### Exercise
The records below are to be output exactly, except for their pictures.

### Exercise data
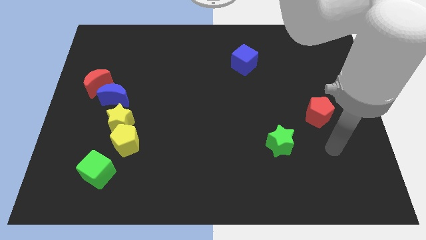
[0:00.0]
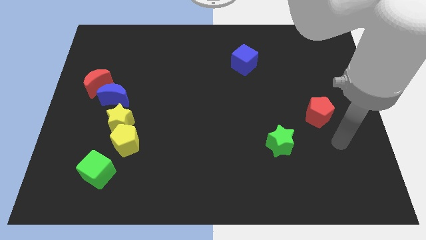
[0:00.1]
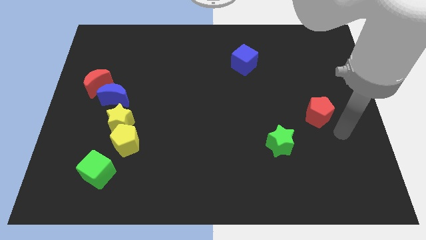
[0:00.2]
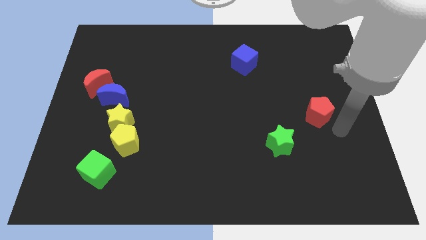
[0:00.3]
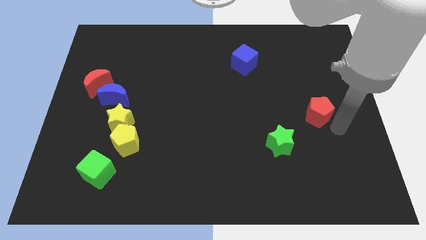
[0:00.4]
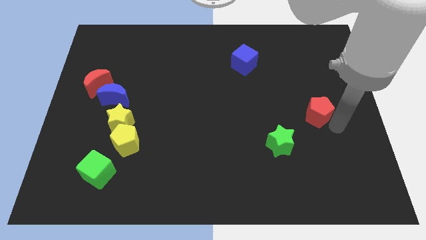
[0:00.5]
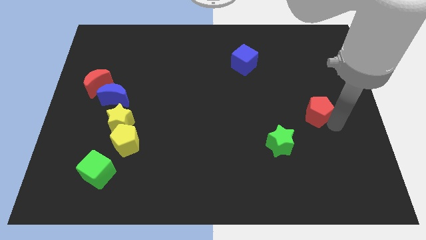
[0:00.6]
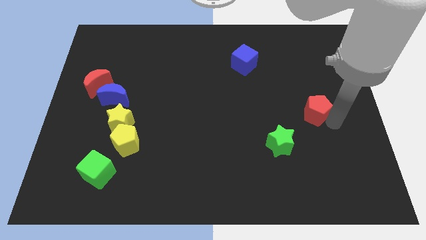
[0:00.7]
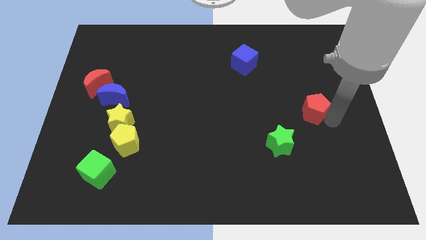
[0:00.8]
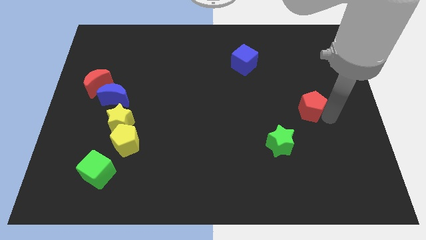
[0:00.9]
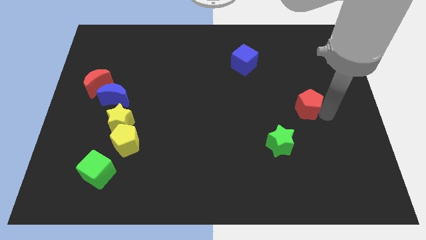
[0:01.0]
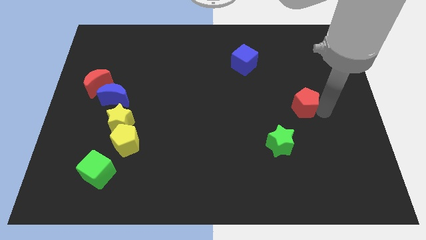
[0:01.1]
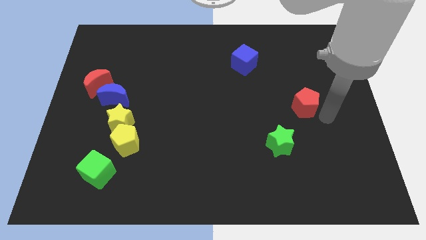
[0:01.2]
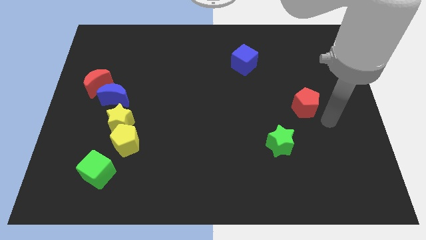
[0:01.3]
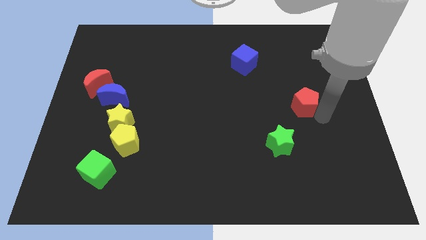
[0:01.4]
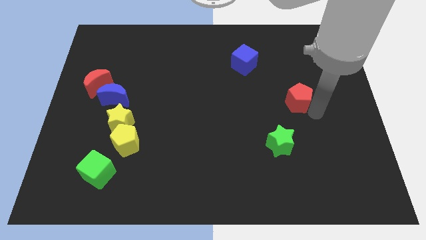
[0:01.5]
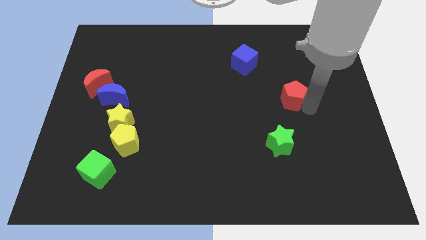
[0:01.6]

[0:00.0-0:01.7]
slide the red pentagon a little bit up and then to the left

### Output for this exercise
[0:00.0]
[0:00.1]
[0:00.2]
[0:00.3]
[0:00.4]
[0:00.5]
[0:00.6]
[0:00.7]
[0:00.8]
[0:00.9]
[0:01.0]
[0:01.1]
[0:01.2]
[0:01.3]
[0:01.4]
[0:01.5]
[0:01.6]

[0:00.0-0:01.7]
slide the red pentagon a little bit up and then to the left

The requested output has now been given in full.